* [Recorded information]
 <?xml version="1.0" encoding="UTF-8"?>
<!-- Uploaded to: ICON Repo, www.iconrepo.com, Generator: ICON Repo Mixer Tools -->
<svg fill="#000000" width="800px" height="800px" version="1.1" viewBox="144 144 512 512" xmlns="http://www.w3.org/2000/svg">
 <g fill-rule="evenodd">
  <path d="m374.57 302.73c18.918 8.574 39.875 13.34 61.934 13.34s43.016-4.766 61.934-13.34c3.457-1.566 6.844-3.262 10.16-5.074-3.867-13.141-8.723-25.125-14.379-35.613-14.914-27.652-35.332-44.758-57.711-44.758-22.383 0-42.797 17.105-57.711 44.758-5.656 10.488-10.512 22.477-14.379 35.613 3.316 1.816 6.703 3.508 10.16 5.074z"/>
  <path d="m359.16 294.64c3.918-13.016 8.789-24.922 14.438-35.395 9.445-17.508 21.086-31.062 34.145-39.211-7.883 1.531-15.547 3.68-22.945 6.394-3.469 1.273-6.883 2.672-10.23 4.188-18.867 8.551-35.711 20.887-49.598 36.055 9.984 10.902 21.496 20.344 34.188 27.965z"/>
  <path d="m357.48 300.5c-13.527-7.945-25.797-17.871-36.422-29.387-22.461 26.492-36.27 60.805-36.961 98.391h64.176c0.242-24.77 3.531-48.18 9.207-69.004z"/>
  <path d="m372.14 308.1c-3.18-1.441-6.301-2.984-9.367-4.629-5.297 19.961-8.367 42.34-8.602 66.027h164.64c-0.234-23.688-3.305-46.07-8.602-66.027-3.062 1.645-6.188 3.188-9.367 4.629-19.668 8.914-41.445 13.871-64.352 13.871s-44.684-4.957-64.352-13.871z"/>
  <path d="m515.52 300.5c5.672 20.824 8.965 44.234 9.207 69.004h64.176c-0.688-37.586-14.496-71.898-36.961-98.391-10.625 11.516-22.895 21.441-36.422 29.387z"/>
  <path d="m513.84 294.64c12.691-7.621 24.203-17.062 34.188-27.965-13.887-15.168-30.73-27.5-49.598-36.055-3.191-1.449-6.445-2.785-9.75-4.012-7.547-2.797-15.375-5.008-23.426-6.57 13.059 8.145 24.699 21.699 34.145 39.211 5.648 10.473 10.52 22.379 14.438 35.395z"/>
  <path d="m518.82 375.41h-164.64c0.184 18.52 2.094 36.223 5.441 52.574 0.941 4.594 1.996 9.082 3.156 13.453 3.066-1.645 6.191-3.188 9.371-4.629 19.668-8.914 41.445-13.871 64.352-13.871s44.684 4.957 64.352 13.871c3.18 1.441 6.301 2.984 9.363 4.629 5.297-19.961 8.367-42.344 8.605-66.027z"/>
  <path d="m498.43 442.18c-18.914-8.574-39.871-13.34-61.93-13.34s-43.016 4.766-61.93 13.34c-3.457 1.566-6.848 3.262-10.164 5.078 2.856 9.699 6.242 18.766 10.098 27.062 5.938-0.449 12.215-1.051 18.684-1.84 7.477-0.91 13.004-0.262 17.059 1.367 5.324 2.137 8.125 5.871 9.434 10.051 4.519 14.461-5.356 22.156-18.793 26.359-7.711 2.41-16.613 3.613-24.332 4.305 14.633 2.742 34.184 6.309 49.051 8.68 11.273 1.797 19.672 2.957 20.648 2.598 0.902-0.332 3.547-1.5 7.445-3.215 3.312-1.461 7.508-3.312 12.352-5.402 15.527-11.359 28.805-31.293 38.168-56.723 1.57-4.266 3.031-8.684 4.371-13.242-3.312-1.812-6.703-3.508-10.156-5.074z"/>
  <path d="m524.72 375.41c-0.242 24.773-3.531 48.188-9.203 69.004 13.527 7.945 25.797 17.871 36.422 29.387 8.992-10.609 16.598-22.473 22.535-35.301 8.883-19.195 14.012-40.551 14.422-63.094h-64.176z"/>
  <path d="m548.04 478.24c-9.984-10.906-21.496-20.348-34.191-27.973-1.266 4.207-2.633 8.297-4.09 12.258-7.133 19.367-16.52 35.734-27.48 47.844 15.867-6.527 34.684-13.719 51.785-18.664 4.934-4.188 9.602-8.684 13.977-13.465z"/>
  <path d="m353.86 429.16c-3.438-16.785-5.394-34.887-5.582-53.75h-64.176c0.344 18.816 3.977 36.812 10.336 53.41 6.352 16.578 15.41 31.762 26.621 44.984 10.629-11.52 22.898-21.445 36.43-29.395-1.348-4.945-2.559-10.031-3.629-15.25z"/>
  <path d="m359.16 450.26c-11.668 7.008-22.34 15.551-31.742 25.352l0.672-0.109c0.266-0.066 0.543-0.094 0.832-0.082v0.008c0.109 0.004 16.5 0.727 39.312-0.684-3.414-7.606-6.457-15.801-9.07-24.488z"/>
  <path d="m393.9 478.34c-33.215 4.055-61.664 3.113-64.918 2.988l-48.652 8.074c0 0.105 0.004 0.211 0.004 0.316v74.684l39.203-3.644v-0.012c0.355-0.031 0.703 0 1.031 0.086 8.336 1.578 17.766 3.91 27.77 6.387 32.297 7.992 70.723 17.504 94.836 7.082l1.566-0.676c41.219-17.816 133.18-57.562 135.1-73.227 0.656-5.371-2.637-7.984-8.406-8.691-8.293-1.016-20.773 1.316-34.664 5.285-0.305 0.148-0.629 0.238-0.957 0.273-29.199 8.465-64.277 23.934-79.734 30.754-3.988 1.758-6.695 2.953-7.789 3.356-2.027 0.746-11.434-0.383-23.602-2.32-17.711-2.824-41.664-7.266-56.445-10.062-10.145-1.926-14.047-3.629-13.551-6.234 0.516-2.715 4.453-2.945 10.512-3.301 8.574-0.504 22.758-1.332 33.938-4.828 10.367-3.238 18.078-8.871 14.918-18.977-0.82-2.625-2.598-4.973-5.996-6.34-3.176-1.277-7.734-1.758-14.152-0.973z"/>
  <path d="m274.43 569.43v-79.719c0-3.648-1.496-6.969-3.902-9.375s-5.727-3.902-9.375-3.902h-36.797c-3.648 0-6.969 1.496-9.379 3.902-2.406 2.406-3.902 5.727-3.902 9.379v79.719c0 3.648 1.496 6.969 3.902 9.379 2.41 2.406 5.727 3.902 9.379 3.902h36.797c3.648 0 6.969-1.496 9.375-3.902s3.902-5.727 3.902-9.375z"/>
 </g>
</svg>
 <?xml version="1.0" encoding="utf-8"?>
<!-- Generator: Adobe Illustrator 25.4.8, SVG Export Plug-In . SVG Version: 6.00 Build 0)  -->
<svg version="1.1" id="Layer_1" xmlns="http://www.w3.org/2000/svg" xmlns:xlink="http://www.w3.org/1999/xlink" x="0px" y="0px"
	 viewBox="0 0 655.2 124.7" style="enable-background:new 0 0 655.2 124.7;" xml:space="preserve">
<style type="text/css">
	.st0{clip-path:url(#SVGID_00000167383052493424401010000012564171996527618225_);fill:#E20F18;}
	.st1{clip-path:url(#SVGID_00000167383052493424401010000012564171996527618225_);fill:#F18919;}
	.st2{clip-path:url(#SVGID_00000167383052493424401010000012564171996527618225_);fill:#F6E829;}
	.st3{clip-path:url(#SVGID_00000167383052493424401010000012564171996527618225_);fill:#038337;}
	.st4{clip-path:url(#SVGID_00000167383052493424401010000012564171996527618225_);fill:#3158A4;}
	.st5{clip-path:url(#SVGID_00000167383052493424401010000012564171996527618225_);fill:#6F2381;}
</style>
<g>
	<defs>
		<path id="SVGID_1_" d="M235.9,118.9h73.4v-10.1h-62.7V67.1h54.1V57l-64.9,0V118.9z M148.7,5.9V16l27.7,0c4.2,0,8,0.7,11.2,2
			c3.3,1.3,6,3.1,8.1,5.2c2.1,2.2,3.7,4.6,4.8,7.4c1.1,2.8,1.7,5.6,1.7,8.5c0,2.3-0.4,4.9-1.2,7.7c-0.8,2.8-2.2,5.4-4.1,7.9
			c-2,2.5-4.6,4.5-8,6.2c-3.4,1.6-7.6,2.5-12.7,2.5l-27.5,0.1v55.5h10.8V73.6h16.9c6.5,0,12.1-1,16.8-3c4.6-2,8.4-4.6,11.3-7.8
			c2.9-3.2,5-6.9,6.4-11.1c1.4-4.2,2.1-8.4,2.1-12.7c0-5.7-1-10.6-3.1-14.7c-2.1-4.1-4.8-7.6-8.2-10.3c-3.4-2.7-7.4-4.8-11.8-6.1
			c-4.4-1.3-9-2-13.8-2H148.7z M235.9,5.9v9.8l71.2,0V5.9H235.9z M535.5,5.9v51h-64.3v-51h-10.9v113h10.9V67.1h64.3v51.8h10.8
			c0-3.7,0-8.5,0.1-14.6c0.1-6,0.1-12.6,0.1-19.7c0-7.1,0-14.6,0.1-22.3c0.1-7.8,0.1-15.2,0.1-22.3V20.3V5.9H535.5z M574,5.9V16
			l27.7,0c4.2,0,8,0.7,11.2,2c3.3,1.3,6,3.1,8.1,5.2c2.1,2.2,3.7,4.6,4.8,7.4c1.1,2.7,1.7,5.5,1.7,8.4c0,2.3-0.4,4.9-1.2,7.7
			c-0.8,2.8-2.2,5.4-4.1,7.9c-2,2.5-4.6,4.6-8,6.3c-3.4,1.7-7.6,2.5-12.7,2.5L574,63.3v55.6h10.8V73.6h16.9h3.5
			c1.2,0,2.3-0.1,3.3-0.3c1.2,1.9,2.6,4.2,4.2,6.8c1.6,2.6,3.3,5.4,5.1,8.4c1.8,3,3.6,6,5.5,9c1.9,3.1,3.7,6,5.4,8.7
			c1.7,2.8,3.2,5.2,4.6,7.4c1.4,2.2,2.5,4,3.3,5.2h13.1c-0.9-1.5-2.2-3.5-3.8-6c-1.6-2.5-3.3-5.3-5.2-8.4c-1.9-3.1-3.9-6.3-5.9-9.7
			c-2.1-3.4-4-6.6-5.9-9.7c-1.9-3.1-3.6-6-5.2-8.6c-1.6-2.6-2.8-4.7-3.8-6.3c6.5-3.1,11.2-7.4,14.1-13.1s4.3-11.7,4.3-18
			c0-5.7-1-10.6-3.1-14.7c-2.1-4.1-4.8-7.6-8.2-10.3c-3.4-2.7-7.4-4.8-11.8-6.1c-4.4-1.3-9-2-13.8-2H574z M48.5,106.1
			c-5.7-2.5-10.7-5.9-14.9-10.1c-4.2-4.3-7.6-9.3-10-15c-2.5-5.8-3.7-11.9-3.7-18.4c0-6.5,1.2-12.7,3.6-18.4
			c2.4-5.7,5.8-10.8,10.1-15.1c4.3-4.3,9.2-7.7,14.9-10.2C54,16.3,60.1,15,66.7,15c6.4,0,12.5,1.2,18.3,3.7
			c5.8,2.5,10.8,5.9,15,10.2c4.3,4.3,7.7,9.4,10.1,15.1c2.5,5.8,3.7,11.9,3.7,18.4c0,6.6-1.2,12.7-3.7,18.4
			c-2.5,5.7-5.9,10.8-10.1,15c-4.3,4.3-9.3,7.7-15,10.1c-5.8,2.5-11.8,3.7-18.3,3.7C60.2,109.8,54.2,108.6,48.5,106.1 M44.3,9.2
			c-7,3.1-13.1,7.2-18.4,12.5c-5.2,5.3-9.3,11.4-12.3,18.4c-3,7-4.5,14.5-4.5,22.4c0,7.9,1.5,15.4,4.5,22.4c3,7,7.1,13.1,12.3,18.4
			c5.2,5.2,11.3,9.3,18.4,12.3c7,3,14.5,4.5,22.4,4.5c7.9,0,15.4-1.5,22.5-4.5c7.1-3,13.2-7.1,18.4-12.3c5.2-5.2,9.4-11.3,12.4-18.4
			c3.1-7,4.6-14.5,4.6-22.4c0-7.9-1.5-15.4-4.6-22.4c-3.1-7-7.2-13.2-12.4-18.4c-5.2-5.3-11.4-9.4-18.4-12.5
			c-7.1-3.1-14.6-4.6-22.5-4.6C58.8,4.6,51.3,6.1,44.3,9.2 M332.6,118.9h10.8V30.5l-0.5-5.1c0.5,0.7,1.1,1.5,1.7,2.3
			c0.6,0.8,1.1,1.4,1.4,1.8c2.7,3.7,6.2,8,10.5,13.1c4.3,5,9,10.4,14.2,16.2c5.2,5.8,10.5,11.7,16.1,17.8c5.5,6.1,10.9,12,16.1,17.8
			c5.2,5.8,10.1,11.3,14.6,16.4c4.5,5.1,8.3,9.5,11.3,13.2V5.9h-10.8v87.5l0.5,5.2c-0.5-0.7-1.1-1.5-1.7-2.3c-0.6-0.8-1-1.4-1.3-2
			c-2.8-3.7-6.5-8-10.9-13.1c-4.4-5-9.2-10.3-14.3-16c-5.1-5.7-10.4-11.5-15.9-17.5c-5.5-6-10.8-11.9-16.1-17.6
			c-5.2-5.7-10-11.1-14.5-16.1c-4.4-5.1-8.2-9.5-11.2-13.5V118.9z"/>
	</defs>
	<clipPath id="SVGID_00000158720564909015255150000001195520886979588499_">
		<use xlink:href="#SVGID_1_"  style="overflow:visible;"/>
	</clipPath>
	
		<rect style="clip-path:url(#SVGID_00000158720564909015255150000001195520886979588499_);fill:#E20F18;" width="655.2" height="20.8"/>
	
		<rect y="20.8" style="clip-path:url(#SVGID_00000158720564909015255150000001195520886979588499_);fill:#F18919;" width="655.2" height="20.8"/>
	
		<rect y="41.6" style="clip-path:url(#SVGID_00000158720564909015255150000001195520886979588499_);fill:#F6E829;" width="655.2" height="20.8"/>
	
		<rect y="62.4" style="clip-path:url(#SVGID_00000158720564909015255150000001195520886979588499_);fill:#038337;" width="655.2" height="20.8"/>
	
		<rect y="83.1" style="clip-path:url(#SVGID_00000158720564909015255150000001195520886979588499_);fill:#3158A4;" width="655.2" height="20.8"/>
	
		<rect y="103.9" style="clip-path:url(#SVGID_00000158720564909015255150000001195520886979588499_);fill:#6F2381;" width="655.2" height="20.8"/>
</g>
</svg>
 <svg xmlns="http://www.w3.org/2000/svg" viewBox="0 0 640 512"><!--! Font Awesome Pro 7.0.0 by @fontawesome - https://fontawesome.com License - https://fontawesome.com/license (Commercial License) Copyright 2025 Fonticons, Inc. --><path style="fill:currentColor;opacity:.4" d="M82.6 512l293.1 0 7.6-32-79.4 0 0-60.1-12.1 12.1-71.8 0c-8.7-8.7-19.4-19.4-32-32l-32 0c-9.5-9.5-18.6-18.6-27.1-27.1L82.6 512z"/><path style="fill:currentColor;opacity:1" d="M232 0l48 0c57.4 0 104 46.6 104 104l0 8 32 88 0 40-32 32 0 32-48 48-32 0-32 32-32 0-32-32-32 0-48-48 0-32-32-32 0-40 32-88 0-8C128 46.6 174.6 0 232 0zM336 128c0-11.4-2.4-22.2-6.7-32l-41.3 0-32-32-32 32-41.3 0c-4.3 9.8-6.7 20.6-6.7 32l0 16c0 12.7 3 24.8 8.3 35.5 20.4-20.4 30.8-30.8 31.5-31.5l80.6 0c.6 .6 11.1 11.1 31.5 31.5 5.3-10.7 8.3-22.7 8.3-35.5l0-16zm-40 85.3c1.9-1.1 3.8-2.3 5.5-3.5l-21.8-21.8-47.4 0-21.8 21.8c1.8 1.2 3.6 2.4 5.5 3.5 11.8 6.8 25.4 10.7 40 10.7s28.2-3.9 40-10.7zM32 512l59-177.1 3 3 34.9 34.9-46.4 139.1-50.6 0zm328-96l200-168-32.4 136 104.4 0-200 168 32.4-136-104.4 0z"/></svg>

* [What you have to do] Search the records for the word "xlink". Copy each line where it appears.

* [Solution]
<svg version="1.1" id="Layer_1" xmlns="http://www.w3.org/2000/svg" xmlns:xlink="http://www.w3.org/1999/xlink" x="0px" y="0px"
		<use xlink:href="#SVGID_1_"  style="overflow:visible;"/>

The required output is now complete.